■ Exercise aim
What you return must be the full data, repeated verbatim, with no pictures in it.

[Data extracted from a collection]
====
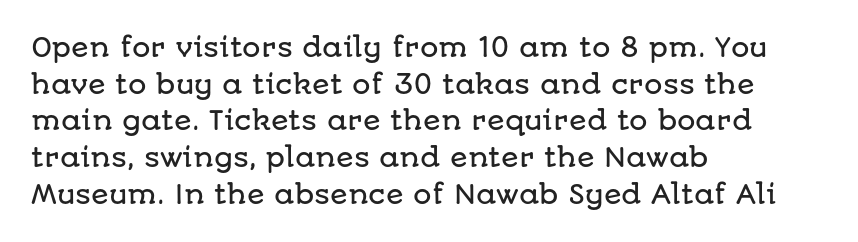
The image shows 26 px text type, upright; set left-aligned, normal line spacing (1.41x), normal letter spacing, not underlined.
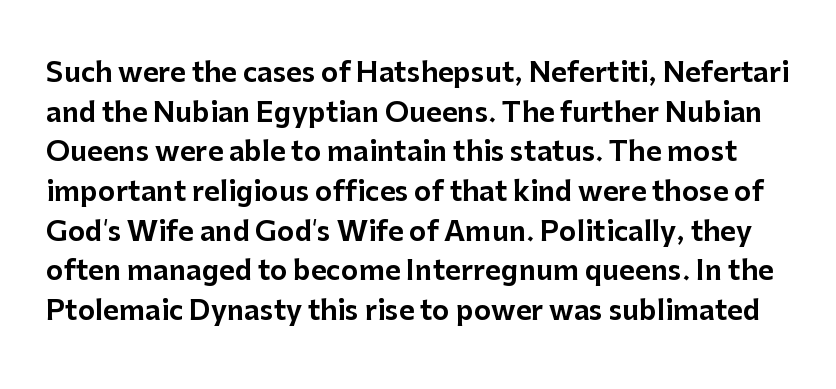
Q: Is the text italic (slanted)? A: No, it is upright.
Q: Is the text underlined? A: No.
Q: Is the spacing between letters normal or unusually wide? A: Normal.
Q: Is the spacing between lines tight, normal or loose? A: Normal.
====
■ Output
The image shows 26 px text type, upright; set left-aligned, normal line spacing (1.41x), normal letter spacing, not underlined.
Q: Is the text italic (slanted)? A: No, it is upright.
Q: Is the text underlined? A: No.
Q: Is the spacing between letters normal or unusually wide? A: Normal.
Q: Is the spacing between lines tight, normal or loose? A: Normal.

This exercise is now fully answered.